When a commenter on the Baroque TikTok took umbrage that she referred to Artemisia Gentileschi by first name only, McGillivray followed up with an educational video explaining the convention from the 17th-century perspective.

At the urging of a Patreon subscriber, she leaps across four centuries to discover an unexpected kinship between Cubism and Renaissance painters, using George Braque’s Man with a Guitar and Sandro Botticelli’s Four Scenes from the Early Life of Saint Zenobius. One is attempting to escape the shackles of perspective by showing surfaces not visible when regarding a subject from a single point.
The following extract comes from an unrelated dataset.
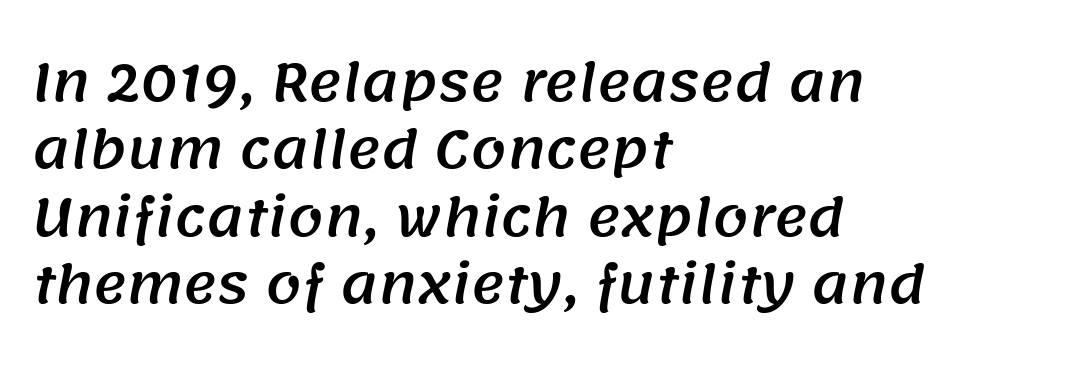
The image shows 51 px sans-serif type; set left-aligned, normal line spacing (1.32x), normal letter spacing, not underlined; medium stroke contrast and a large x-height.

The other is using a single space to depict multiple moments in a subject’s life simultaneously.

McGillivray is willing to be seen learning along with her followers. She’s open about the fact that she prefers Giotto and Fra Angelico to contemporary art (as perhaps befits an art historian whose face is more 1305 than 2021). Artist Dominic White’s wearable, environmental sculpture Hoodie Empathy Suit doesn’t do much for her until a conversation with the exhibiting gallery’s director helps orient her to White’s objectives.
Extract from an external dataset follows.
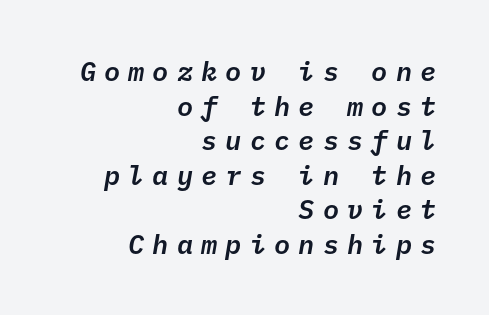
The image shows 27 px text type, italic (leaning right); set right-aligned, normal line spacing (1.28x), unusually wide letter spacing (+0.3 em), not underlined.

She tips her hand in an interview with Pedestrian TV:

I’m not very interested in deciding what is art and what isn’t. The whole “what is art” question has never been very important to me. The questions I prefer to ask are: Why was this image made?

She recommends art critic John Berger’s 1972 four-part series Ways of Seeing to fans eager to expand beyond the Iconoclass:

It’s got all the things you would expect from a 1970s BBC production – wide collared shirts, long hair, smoking on television – plus some of the most influential insights into how we look at art and also how we look at the world around us.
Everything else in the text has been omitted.